A tensão ou o estresse do ambiente pode deixar o bebê tenso e agitado, acentuando a cólica. Pode verificar que as cólicas geralmente ocorrem ao fim do dia quando todos estão mais cansados. Se a mamãe fica nervosa, o bebê sente essa ansiedade e insegurança, por isso a mamãe tem que tentar ficar o mais tranquila possível e passar segurança para o seu bebê com muito amor e carinho.
Importante lembrar que o bebê pode engolir ar quando amamenta ou se alimenta. Engolir ar aumenta as dores por gases. Uma dor por gases pode ser a pior dor que seu pequeno já sentiu, por isso o choro que não cessa por nada. É importante colocar o bebê bem inclinado para se alimentar, arrotar após as mamadas e colocá-lo para dormir de lado.

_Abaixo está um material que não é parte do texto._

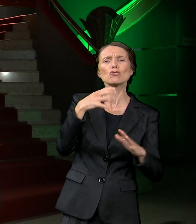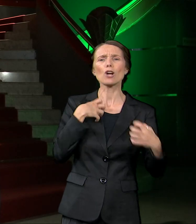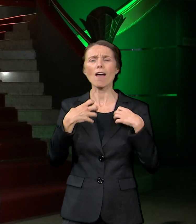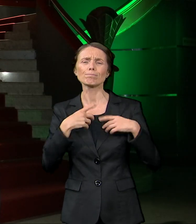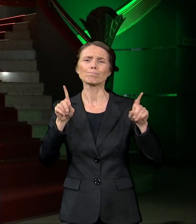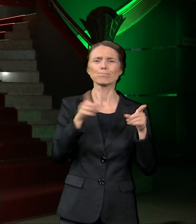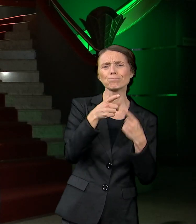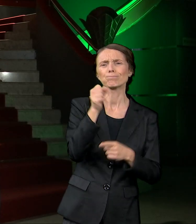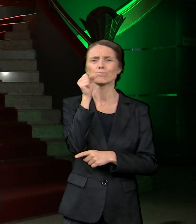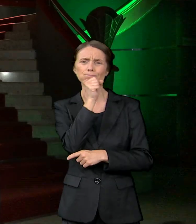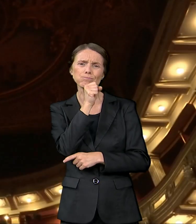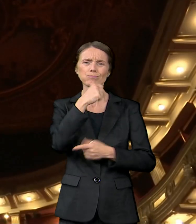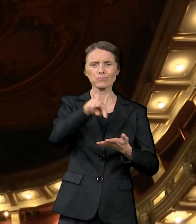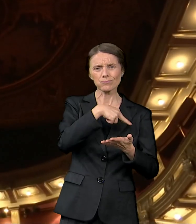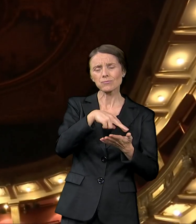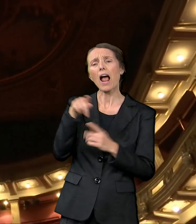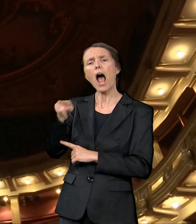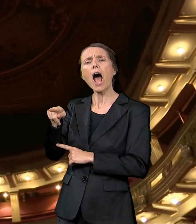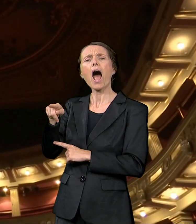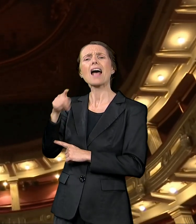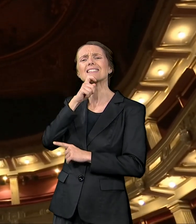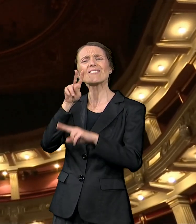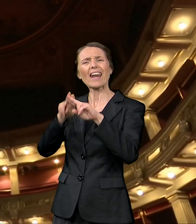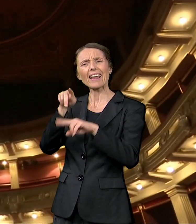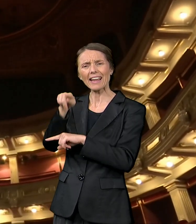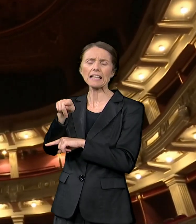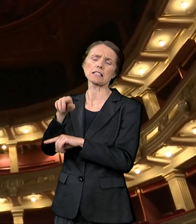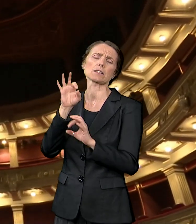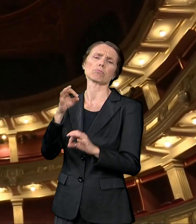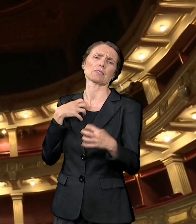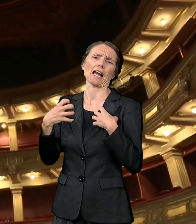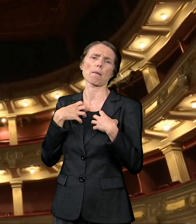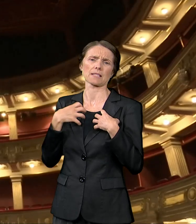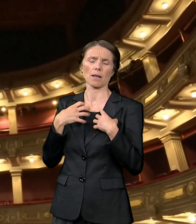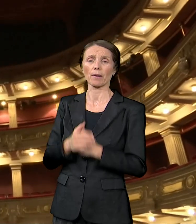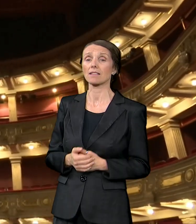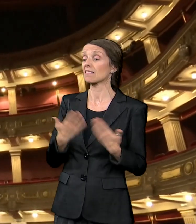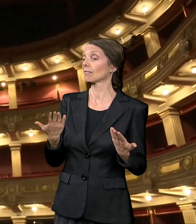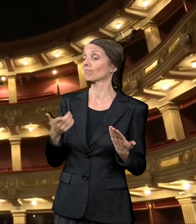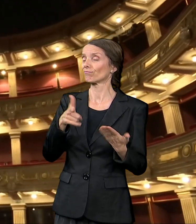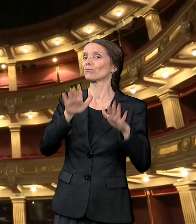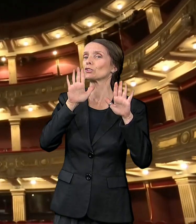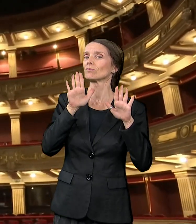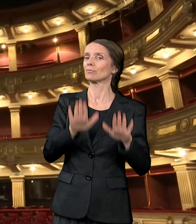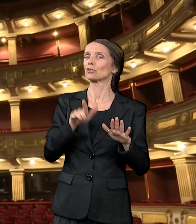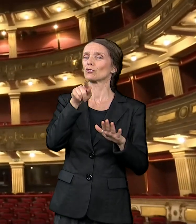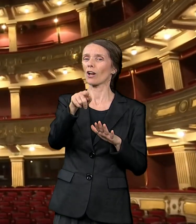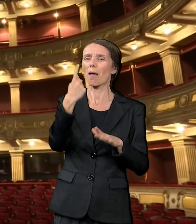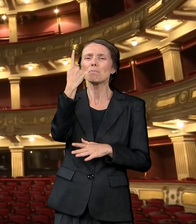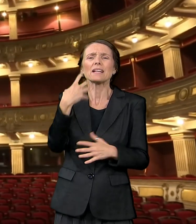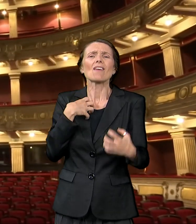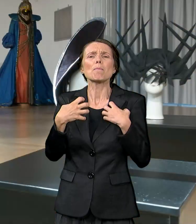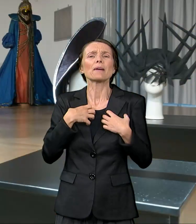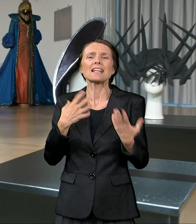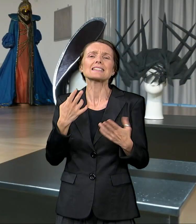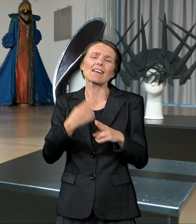Crvenom krstu. I Kocka je bačena. Gotovo sudbonosni naziv prve predstave za početak karijere.
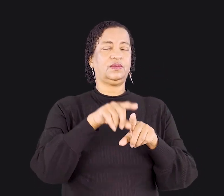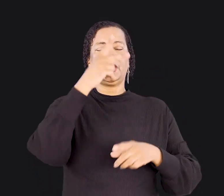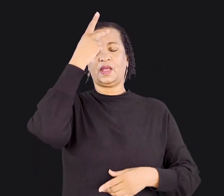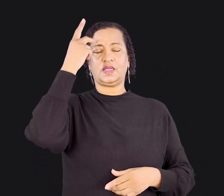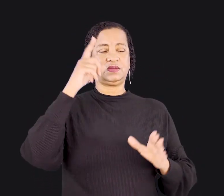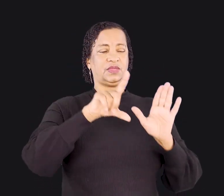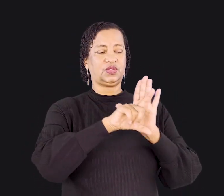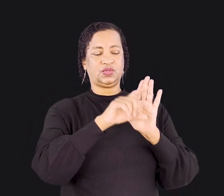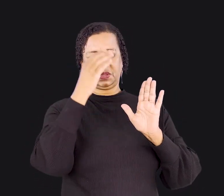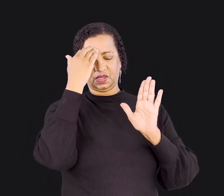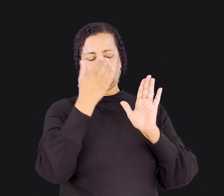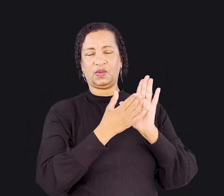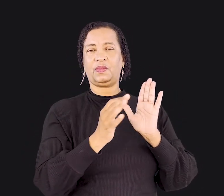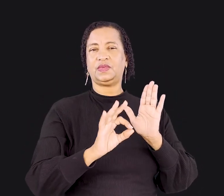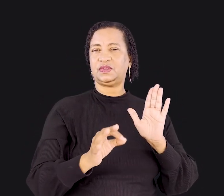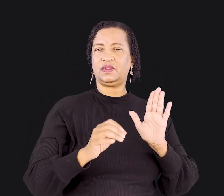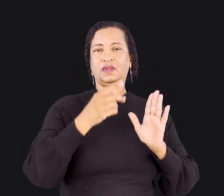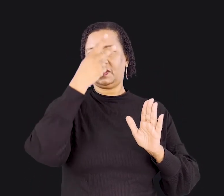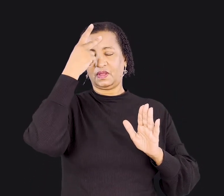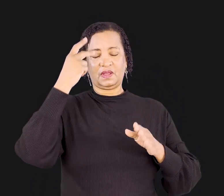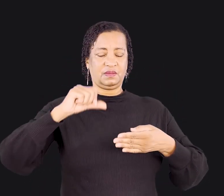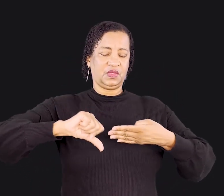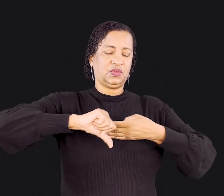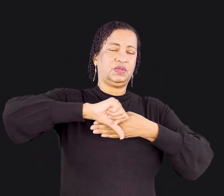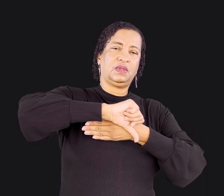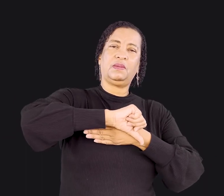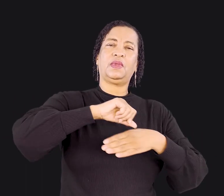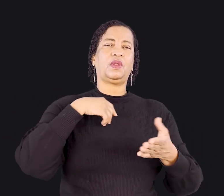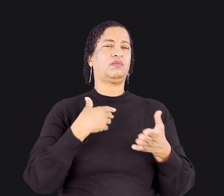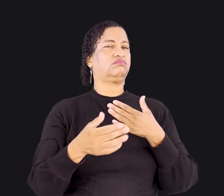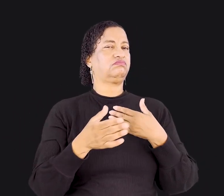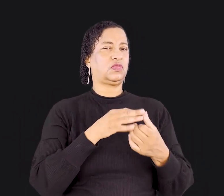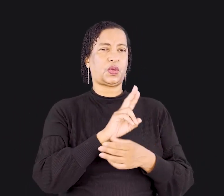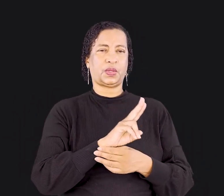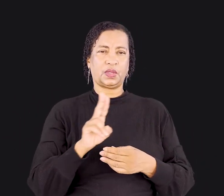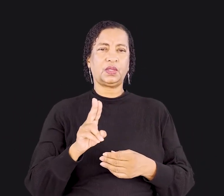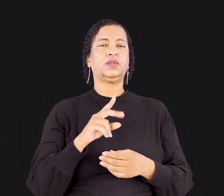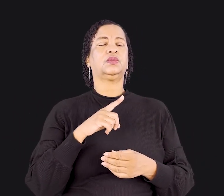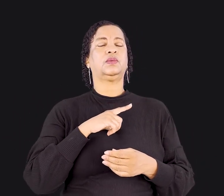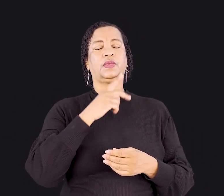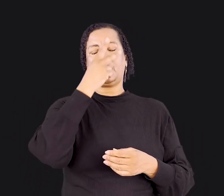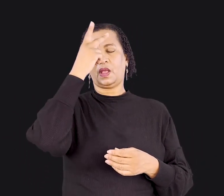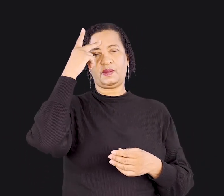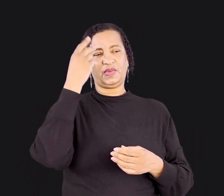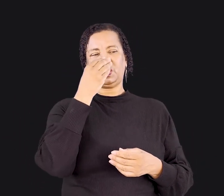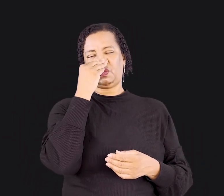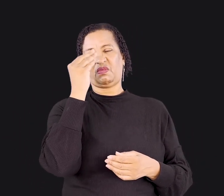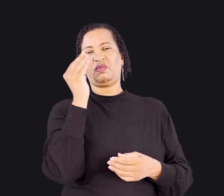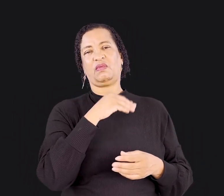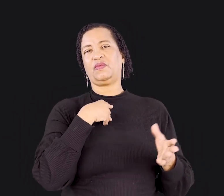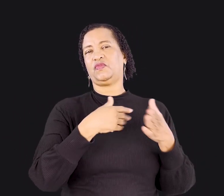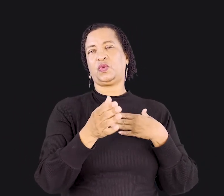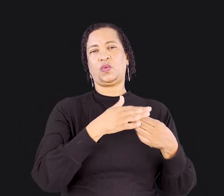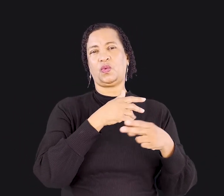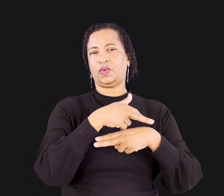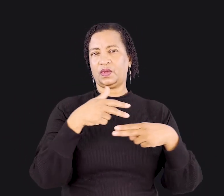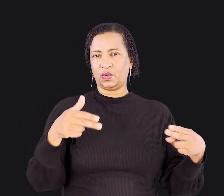o bárbaro, o amoral, o imoral, o nome que tiver, aquele que joga para o alto qualquer livro e rejeita qualquer lei,

Além da posição para alimentação e colocar o bebê para arrotar, há outras maneiras de prevenir a cólica. Fazer compressas mornas na barriga do bebê como colocar uma fralda aquecida ou bolsa com água morna (verifique a temperatura para não causar queimaduras), fazer ginástica com as perninhas do bebê como se ele estivesse “pedalando” e massagear a barriga do bebê com as mãos aquecidas com movimentos circulares, todos esses procedimentos podem ser realizados durante 2 minutos cada um, de 4 a 5 vezes por dia, eles ajudam o bebê a não ter cólicas ou aliviar a dor na hora das crises. Mas atenção, você não precisa aplicar todos os procedimentos como se fosse um rodízio. Aplique um procedimento, se ele já for suficiente você não precisa realizar os outros.
Para evitar o estresse, procure manter o ambiente calmo e quieto enquanto alimenta o bebê ou nos horários mais frequentes da cólica e descubra formas de confortá-lo, cada bebê se sente seguro e amado do seu jeito. Procure não alterar a voz. Se há um problema para resolver ou discutir, faça-o distante do bebê e em voz baixa. A voz alterada da mãe (nervosa) poderá gerar desconforto no bebê levando-o ao estresse e possivelmente desencadear o processo.
Não é cientificamente provado que a alimentação da mamãe pode dar cólica no bebê que amamenta. Mas há muitos relatos de mães sobre isso. Fique atenta se perceber que quando come algum tipo de alimento seu bebê tem cólica. Evite esse alimento pelo menos até os três meses de vida do seu bebê. Os agressores mais comuns são laticínios, chocolate, cafeína, melão, pepino, pimentão, frutas e sucos cítricos e alimentos condimentados.
Na hora da crise o calor ajuda na liberação dos gases que provocam a cólica. Colocar o bebê barriga com barriga com você com as perninhas encolhidas, de barriga no seu antebraço, uma bolsa térmica com água morna na barriga do pequeno ou massagear a barriguinha ajudam na eliminação da dor. Banho morno na banheira poderá ajudar em alguns casos.
Como os homens têm a temperatura do corpo um pouco mais elevada que as mulheres pode ser que as cólicas se resolvam mais rápido quando o bebê é colocado na barriga ou no antebraço do papai ou quando é o papai que faz as massagens.